Her kolay işin mutlaka zor bir geçmişi vardır. Yemek yemek insanlara sağlık verir ama bir lokmayı midemize indirebilmek için birçok eziyetler çekeriz.  Önce; o yemeğin malzemelerini para verip alır, sonra bir sürü zahmetlerle ocakta pişiririz. Ardından sofraya oturur o yemeği kaşık veya çatal yardımı ile ağzımıza alırız. 

Nihayet o taamı  ağzımızda çokça çiğner ve yutarız. Görüyoruz ki bir lokma yiyeceği midemize indirmek bile öyle kolay olmuyor.  Rahata kavuşmak için mutlaka çaba sarf etmemiz gerekiyor. Yani emeksiz yemek mümkün değildir.

Biz yedi yirmi dört  insan olarak hep mutluluk ararız. Yavan ekmek yiyelim ama sağlığımızda, mutluluğumuz  da yerinde olsun isteriz. ‘Allah ağzımızın tadını bozmasın’ diye dua ederiz. Dolayısıyla ağzımızın tadının bozulmaması bizim elimizdedir.  Her ne iş yaparsak yapalım; ilk önce düşünüp planlamamız gerekir. 
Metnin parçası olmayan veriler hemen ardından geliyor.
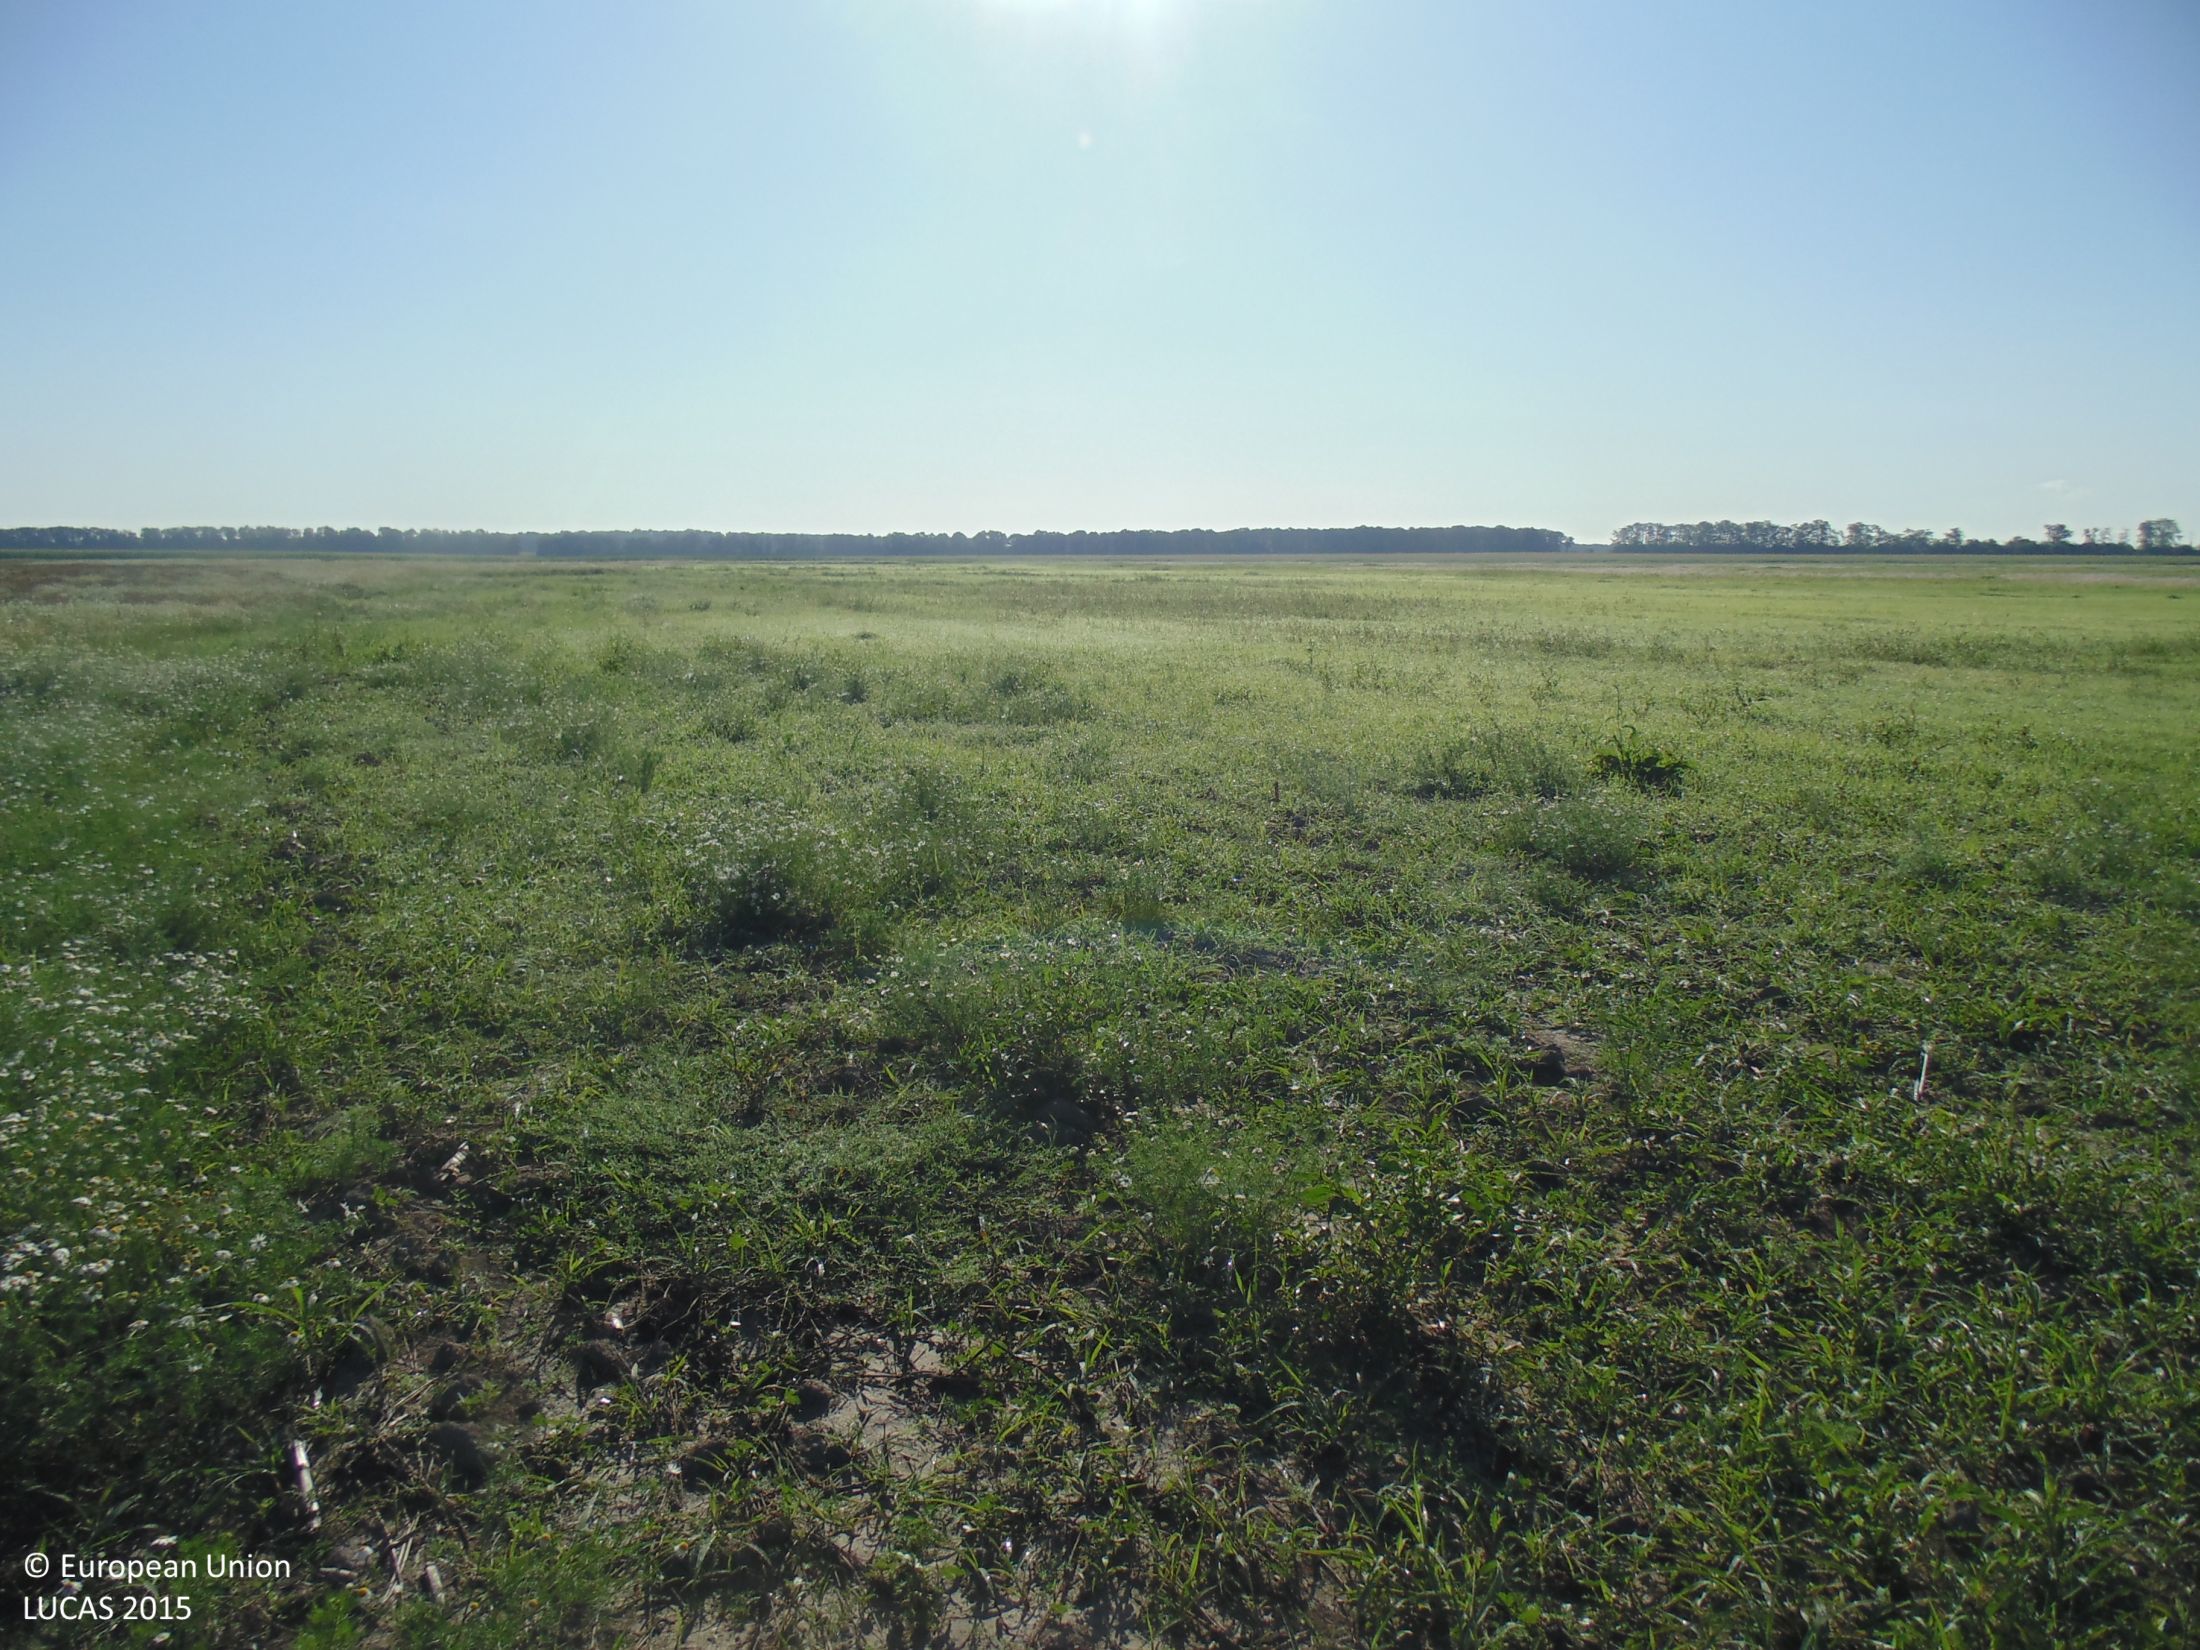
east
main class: Grassland
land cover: Spontaneously vegetated surfaces
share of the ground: > 75 %
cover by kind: herbaceous plants 80 %, unconsolidated bare surface 20 %
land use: Fallow land
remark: Temporary dry
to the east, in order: Spontaneously vegetated surfaces; Inland marshes
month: July
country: BG
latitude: 43.4867
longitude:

İlk defa yapacağımız bir işe daha önce bu işi yapmış ve başarılı olmuş kişilere danışarak onlardan gereken yardımları almamız lazım. İşe başlamadan önce kendimizi bir ölçüp biçmemiz gerekir.  Moralim yerinde mi?  Sağlığım bu işe elverişli mi? Kafamda başka meşguliyetler var mı?  Bu başladığım işi yaparken kafamı karıştıracak, meşgul edecek, beni hataya sürükleyecek olaylar var mı?  Şayet bu soruların cevabı olumlu ise hemen kolları sıvar işe başlarız. İşi bitirene kadar zorlanırız. Planımızdan taviz vermeyiz, başarılı olduğumuzda ise bütün yorgunluklarımızı unuturuz, derin bir ‘oh’ çeker ve Rabbimize dua eder, teşekkür eder seviniriz. Tıpkı annenin doğurduğu çocuğu kucağına aldığı an gibi.

Bu anlamda aslolan; her şeye rağmen emeksiz yemeğin olmayacağını bilmek ve emek sarf etmeden hazırın başında çöreklenmemektir. Ne mutlu zor da nimete kavuşmak için  külfet ödeme gayretinde olanlara.